To configure Active Directory on Asset Manager Enterprise Edition:

  1. Identify the Host Name or IP Address of your Command Center.
  2. Use that information to log in to the CLI of your Command Center.
    At the command-line prompt, enter authentication ad
  3. These are the available AD Authentication CLI commands. Each of these, their purpose and syntax follow along with a screencap. The Active Directory CLI commands are presented here in the order they are presented on the CLI menu.
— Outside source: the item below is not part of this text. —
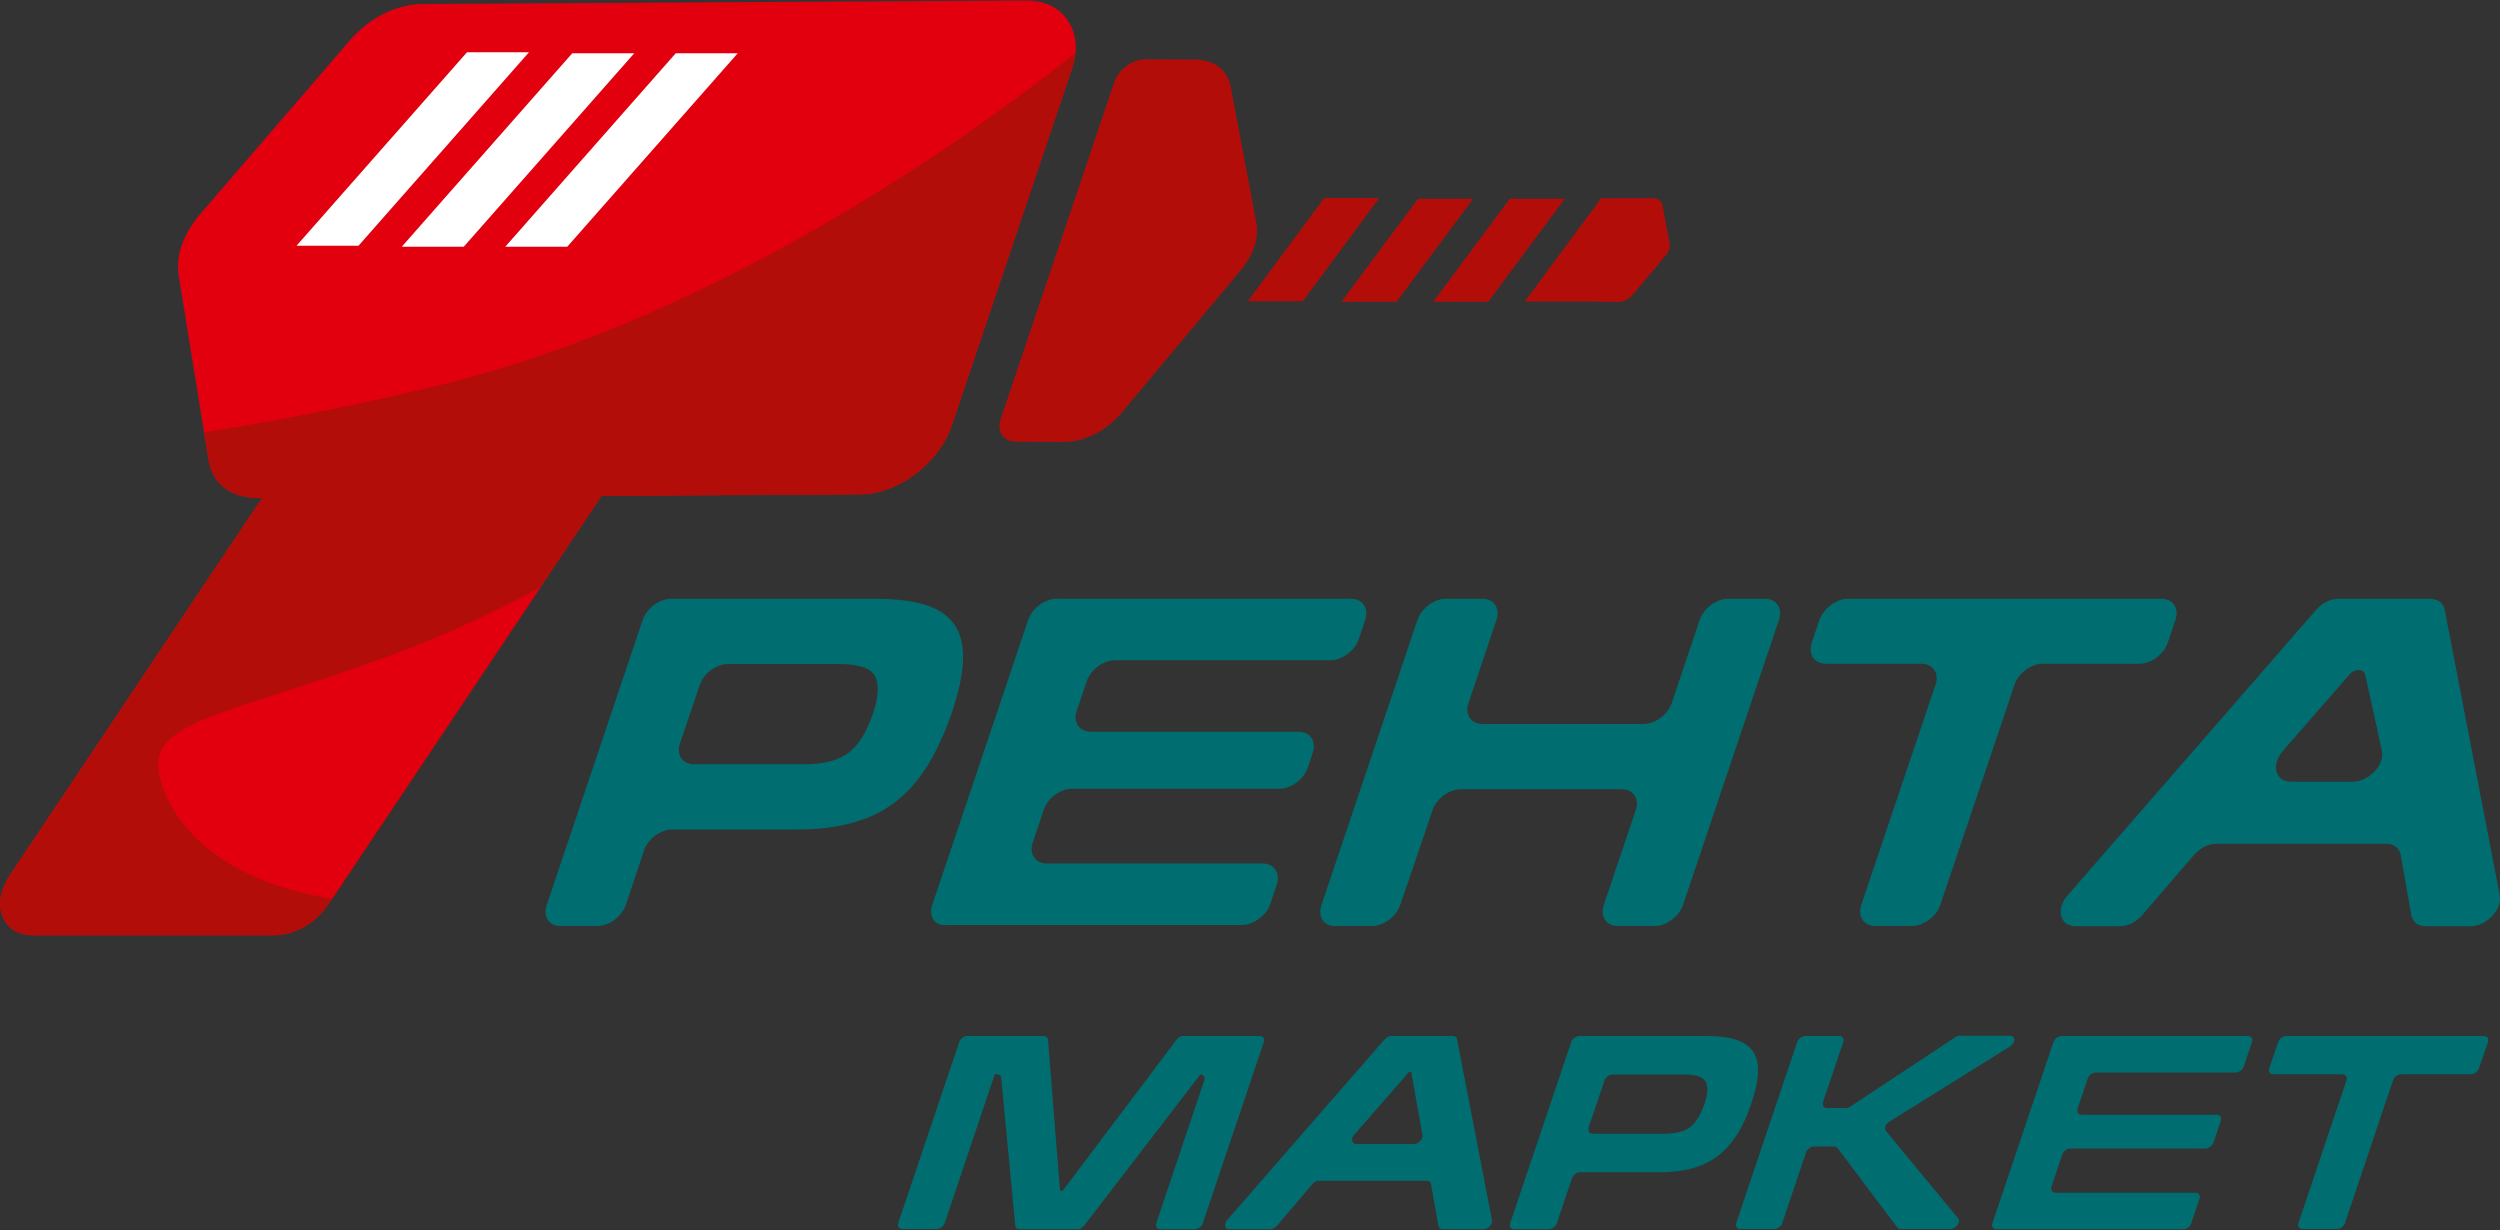<?xml version="1.0" encoding="UTF-8"?> <!-- Generator: Adobe Illustrator 21.0.0, SVG Export Plug-In . SVG Version: 6.00 Build 0) --> <svg xmlns="http://www.w3.org/2000/svg" xmlns:xlink="http://www.w3.org/1999/xlink" id="Слой_1" x="0px" y="0px" viewBox="0 0 1000 492" style="enable-background:new 0 0 1000 492;" xml:space="preserve"><rect x="0" y="0" width="1000" height="492" fill="#333333" stroke="none"/> <style type="text/css"> .st0{fill-rule:evenodd;clip-rule:evenodd;fill:#E2000F;} .st1{fill-rule:evenodd;clip-rule:evenodd;fill:#B30D09;} .st2{fill:#006E70;} .st3{fill-rule:evenodd;clip-rule:evenodd;fill:#FFFFFF;} </style> <g> <path class="st0" d="M169,1.6l241.1-1.4c7.7,0,13.4,2.6,17,8c3.6,5.4,4.2,11.9,1.6,19.5l-48,142.5c-5.1,15.1-21.6,27.5-36.8,27.5 l-103.3,0.6L131.5,361.5c-5.1,7.7-13.7,12.6-21.8,12.6H13.4c-6.1,0-10.5-2.7-12.4-7.6c-1.9-4.9-0.9-10.7,3-16.5l100.9-150.9l-1.7,0 c-10.9,0.1-18.3-5.6-19.8-15.3l-11.9-73.3c-1.3-8.1,1.7-16.9,8.7-25l59.6-69.2C147.6,7.2,158.4,1.7,169,1.6"></path> <path class="st1" d="M430.2,21.2c-0.2,2.1-0.7,4.3-1.5,6.6l-48,142.5c-5.1,15.1-21.6,27.5-36.8,27.5l-103.3,0.6L131.5,361.5 c-5.1,7.7-13.7,12.6-21.8,12.6H13.4c-6.1,0-10.5-2.7-12.4-7.6c-1.9-4.9-0.9-10.7,3-16.5l100.9-150.9l-1.7,0 c-10.9,0.1-18.3-5.6-19.8-15.3l-1.8-10.9c28.5-4.5,60.1-10.5,93.9-18.8C286.5,127.2,386.1,56.1,430.2,21.2"></path> <path class="st0" d="M216.1,235l-83.3,124.5c-42.8-6.9-63.3-28.1-68.6-47.5c-6.6-23.9,23.7-24.7,90.8-49.4 C178.5,254.1,199.1,244.2,216.1,235"></path> <path class="st1" d="M477.5,23.8l-19.4-0.1c-2.5,0-5.1,0.9-7.5,2.7c-2.4,1.8-4.1,4-4.9,6.5l-45.4,134.6c-1.7,5,1,9.2,6.1,9.2 l19,0.1c8.4,0,17.1-4.4,23.4-11.9l47.4-56.7c5.3-6.3,7.5-13.1,6.3-19.3l-10.1-53.6C491.2,28,485.7,23.8,477.5,23.8"></path> <polygon class="st1" points="529.7,79.2 551.7,79.2 521.1,120.5 499.1,120.5 "></polygon> <polygon class="st1" points="567.2,79.5 589.3,79.5 558.6,120.7 536.6,120.7 "></polygon> <polygon class="st1" points="603.9,79.5 625.9,79.5 595.3,120.7 573.3,120.7 "></polygon> <path class="st1" d="M660.8,79.3c-6.8,0-13.5,0-20.3,0l-30.6,41.3c38.3,0,22.2,0,36.9,0.2c2.3,0,4.5-0.7,6.2-2.8l13.1-15.6 c1.5-1.7,2.1-3.6,1.7-5.3l-2.8-14.8C664.7,80.2,663,79.3,660.8,79.3"></path> <path class="st2" d="M916.5,312.7h24.6c3,0,6.2-1.5,8.6-4c2.5-2.6,3.6-5.6,3.1-8.2l-6.7-30.6c-0.3-1.2-1.2-1.9-2.6-1.9 c-1.4,0-2.8,0.7-3.8,1.9l-26.5,30.4c-2.3,2.7-3.3,5.7-2.6,8.3C911.3,311.2,913.4,312.7,916.5,312.7 M847.9,370.5h-17.5 c-3.1,0-5.2-1.5-5.9-4.1c-0.7-2.6,0.2-5.6,2.6-8.3L926.4,244c2.5-2.8,5.8-4.5,9-4.5h36.5c3.2,0,5.5,1.7,6,4.5l22,114.1 c0.5,2.7-0.6,5.7-3,8.3c-2.5,2.6-5.6,4.1-8.6,4.1h-17.8c-3.3,0-5.5-1.7-6-4.6l-4.2-23.8c-0.5-2.9-2.7-4.6-6-4.6h-67.7 c-3.3,0-6.6,1.7-9.1,4.6L857,365.9C854.5,368.8,851.2,370.5,847.9,370.5z M739.2,239.5h125.3c4.7,0,7.2,3.8,5.7,8.4l-3.1,9.2 c-1.6,4.6-6.7,8.4-11.3,8.4h-38.7c-4.7,0-9.8,3.8-11.3,8.4L776.1,362c-1.6,4.6-6.7,8.4-11.3,8.4h-14.6c-4.7,0-7.2-3.8-5.7-8.4 l29.7-88.1c1.6-4.6-1-8.4-5.7-8.4h-38.1c-4.7,0-7.2-3.8-5.7-8.4l3.1-9.2C729.5,243.3,734.6,239.5,739.2,239.5z M528.6,362 L567,247.9c1.6-4.6,6.7-8.4,11.3-8.4h14.6c4.7,0,7.2,3.8,5.7,8.4l-11.2,33.3c-1.6,4.6,1,8.4,5.7,8.4h64.3c4.7,0,9.8-3.8,11.3-8.4 l11.2-33.3c1.6-4.6,6.7-8.4,11.3-8.4h14.7c4.7,0,7.2,3.8,5.7,8.4L673.2,362c-1.6,4.6-6.7,8.4-11.3,8.4h-14.7 c-4.7,0-7.2-3.8-5.7-8.4l12.8-37.9c1.6-4.6-1-8.4-5.7-8.4h-64.3c-4.7,0-9.8,3.8-11.3,8.4L560.1,362c-1.6,4.6-6.7,8.4-11.3,8.4 h-14.6C529.5,370.5,527,366.7,528.6,362z M372.9,362l38.4-114.1c1.6-4.6,6.7-8.4,11.3-8.4h117.8c4.7,0,7.2,3.8,5.7,8.4l-2.6,7.8 c-1.6,4.6-6.7,8.4-11.3,8.4h-86.2c-4.7,0-9.8,3.8-11.3,8.4l-4,11.8c-1.6,4.6,1,8.4,5.7,8.4h83c4.7,0,7.2,3.8,5.7,8.4l-2,6 c-1.6,4.6-6.7,8.4-11.3,8.4h-83c-4.7,0-9.8,3.8-11.3,8.4l-4.4,13.1c-1.6,4.6,1,8.4,5.7,8.4h86.2c4.7,0,7.2,3.8,5.7,8.4l-2.6,7.8 c-1.6,4.6-6.7,8.4-11.3,8.4H378.6C373.9,370.5,371.4,366.7,372.9,362z M277.7,305.7h44.2c5.2,0,9.5-0.7,13-2.1 c3.5-1.4,6.3-3.6,8.5-6.5c2.2-2.9,4.1-6.8,5.8-11.7c2.3-6.9,2.5-11.9,0.7-15.1c-1.8-3.2-6.7-4.7-14.5-4.7h-44.2 c-4.7,0-9.8,3.8-11.3,8.4l-7.9,23.3C270.4,302,273,305.7,277.7,305.7z M218.7,362l38.4-114.1c1.6-4.6,6.7-8.4,11.3-8.4h81.4 c8.5,0,15.4,0.9,20.5,2.5c5.2,1.7,9.1,4.3,11.5,7.9c2.5,3.6,3.6,8.3,3.4,14.1c-0.2,5.8-1.7,12.9-4.6,21.4c-3.8,11-8.4,20-13.8,26.8 c-5.4,6.8-12,11.8-19.8,14.9c-7.8,3.1-17.1,4.7-27.9,4.7h-50.2c-4.7,0-9.8,3.8-11.3,8.4l-7.3,21.8c-1.6,4.6-6.7,8.4-11.3,8.4h-14.6 C219.6,370.5,217.1,366.7,218.7,362z"></path> <polygon class="st3" points="186.8,20.9 211.6,20.9 143.4,98.3 118.6,98.3 "></polygon> <polygon class="st3" points="228.9,21.3 253.7,21.3 185.5,98.7 160.7,98.7 "></polygon> <polygon class="st3" points="270.3,21.3 295.1,21.3 226.9,98.7 202.1,98.7 "></polygon> <path class="st2" d="M914.5,414.4h79.1c1.3,0,2.1,1.1,1.6,2.4l-3.6,10.5c-0.4,1.3-1.9,2.4-3.2,2.4h-28c-1.3,0-2.8,1.1-3.2,2.4 L938,489.2c-0.4,1.3-1.9,2.4-3.2,2.4H921c-1.3,0-2.1-1.1-1.6-2.4l19.2-57.1c0.4-1.3-0.3-2.4-1.6-2.4h-27.7c-1.3,0-2.1-1.1-1.6-2.4 l3.6-10.5C911.7,415.5,913.2,414.4,914.5,414.4 M797,489.2l24.4-72.4c0.4-1.3,1.9-2.4,3.2-2.4h74.6c1.3,0,2.1,1.1,1.6,2.4l-3.3,9.8 c-0.4,1.3-1.9,2.4-3.2,2.4h-56c-1.3,0-2.8,1.1-3.2,2.4l-4.1,12.1c-0.4,1.3,0.3,2.4,1.6,2.4h54.1c1.3,0,2.1,1.1,1.6,2.4l-2.9,8.7 c-0.4,1.3-1.9,2.4-3.2,2.4h-54.1c-1.3,0-2.8,1.1-3.2,2.4l-4.3,12.9c-0.4,1.3,0.3,2.4,1.6,2.4h56c1.3,0,2.1,1.1,1.6,2.4l-3.3,9.8 c-0.4,1.3-1.9,2.4-3.2,2.4h-74.6C797.2,491.7,796.5,490.6,797,489.2z M694.5,489.2l24.4-72.4c0.4-1.3,1.9-2.4,3.2-2.4h13.6 c1.3,0,2.1,1.1,1.6,2.4l-8.1,24c-0.4,1.3,0.3,2.4,1.6,2.4h7.6c0.6,0,1.2-0.2,1.8-0.6l41.9-27.7c0.6-0.4,1.2-0.6,1.8-0.6h20.1 c1.1,0,1.7,0.6,1.7,1.6c0,1-0.6,2-1.7,2.7l-48.3,30.1c-0.7,0.5-1.3,1.1-1.5,1.8c-0.3,0.7-0.2,1.4,0.2,1.9l28.8,34.9 c0.6,0.7,0.5,1.7-0.2,2.7c-0.7,1-1.8,1.6-2.8,1.6h-19.9c-0.6,0-1.1-0.2-1.4-0.6l-23.9-31.8c-0.3-0.4-0.8-0.6-1.4-0.6h-8 c-1.3,0-2.8,1.1-3.2,2.4l-9.5,28.2c-0.4,1.3-1.9,2.4-3.2,2.4h-13.6C694.8,491.7,694.1,490.6,694.5,489.2z M637.1,453.5h28.6 c3.1,0,5.6-0.4,7.7-1.2c2.1-0.8,3.7-2.1,5-3.9c1.3-1.7,2.4-4,3.4-6.9c1.4-4.1,1.5-7,0.4-8.9c-1.1-1.9-3.9-2.8-8.6-2.8h-28.6 c-1.3,0-2.8,1.1-3.2,2.4l-6.4,18.9C635.1,452.4,635.8,453.5,637.1,453.5z M604.1,489.2l24.4-72.4c0.4-1.3,1.9-2.4,3.2-2.4h50.6 c5,0,9.1,0.5,12.1,1.5c3.1,1,5.3,2.5,6.8,4.7c1.5,2.1,2.1,4.9,2,8.3c-0.1,3.4-1,7.6-2.7,12.6c-2.2,6.5-4.9,11.8-8.2,15.8 c-3.2,4-7.1,6.9-11.7,8.8c-4.6,1.8-10.1,2.8-16.5,2.8H632c-1.3,0-2.8,1.1-3.2,2.4l-6.1,18c-0.4,1.3-1.9,2.4-3.2,2.4h-13.8 C604.3,491.7,603.6,490.6,604.1,489.2z M542.5,457.6h23.1c0.9,0,1.8-0.4,2.5-1.2c0.7-0.7,1-1.6,0.9-2.4l-4.5-25.2h-0.9l-22,25.2 c-0.7,0.8-0.9,1.6-0.7,2.4C541.1,457.2,541.7,457.6,542.5,457.6z M508,491.7h-16.2c-0.9,0-1.5-0.4-1.7-1.2 c-0.2-0.7,0.1-1.6,0.7-2.4l63.1-72.4c0.7-0.8,1.7-1.3,2.6-1.3h24.6c0.9,0,1.6,0.5,1.7,1.3l14,72.4c0.1,0.8-0.2,1.6-0.9,2.4 c-0.7,0.7-1.6,1.2-2.5,1.2h-16.3c-0.9,0-1.6-0.5-1.7-1.3l-3-16.8c-0.1-0.8-0.8-1.3-1.7-1.3h-43.1c-0.9,0-1.9,0.5-2.6,1.3 l-14.4,16.9C509.8,491.2,508.9,491.7,508,491.7z M503.9,414.4h-30.6c-1,0-2.1,0.6-2.7,1.5l-45.5,60.4H424l-4.8-60.4 c-0.1-0.9-0.7-1.5-1.7-1.5h-30.6c-1.3,0-2.8,1.1-3.2,2.4l-24.4,72.4c-0.4,1.3,0.3,2.4,1.6,2.4h13.8c1.3,0,2.8-1.1,3.2-2.4l20-59.5 h0.9c1,0,1.7,0.6,1.7,1.5l5.6,59c0.1,0.9,0.7,1.5,1.7,1.5H431c1,0,2-0.6,2.7-1.5l46.4-60.4h0c1.3,0,2.1,1.1,1.6,2.4l-19.2,57.1 c-0.4,1.3,0.3,2.4,1.6,2.4h13.8c1.3,0,2.8-1.1,3.2-2.4l24.4-72.4C506,415.5,505.3,414.4,503.9,414.4z"></path> </g> </svg>

Although not fixed, the order of operations is likely to be 1) configure, 2) viewconfig, 3) netbios, 4) enable 5) groupmapping.  This order of operations in the last column of the table below.
    CLI CommandDescription & ExampleLikely Order of Operations
    groupmapping

    Maps an Active Directory group to an Organization in Asset Manager Enterprise Edition

    authentication ad groupmapping append path/to/local/file

    authentication ad groupmapping append admin@172.18.1.184:/home/admin/AD-group-mapping.csv

    If your Active Directory mapping introduces new Organizations, you will need to create those organizations in the Command Center as follows:

    organization new name-of-new-organization

    		5
    configure

    Configures an Active Directory authentication server
    authentication ad configure <AD server> <realm> <domain> <username> <password>

    		1
    netbios

    The netbios is an alias for the hostname used in Active Directory authentication. It's only required if your hostname is more than 15 characters long.

    If the hostname of the Command Center is longer than the maximum number of characters allowed, AD will not be enabled. In cases like these, use the netbios to serve as an alias for a too-long hostname.


    		3
    enable/disable

    Enables and disables an AD authentication

    authentication ad <enable|disable>

    		4
    viewconfig

    Displays the current AD configuration. 

    		2
    clearconfig

    Clears the current AD configuration

    		optional

View Users in Asset Manager

When an AD user signs on to Asset Manager, and goes to Settings > Users, the users, groups, and organizations to which they have been given rights in the AD server groupings—and only those—are visible.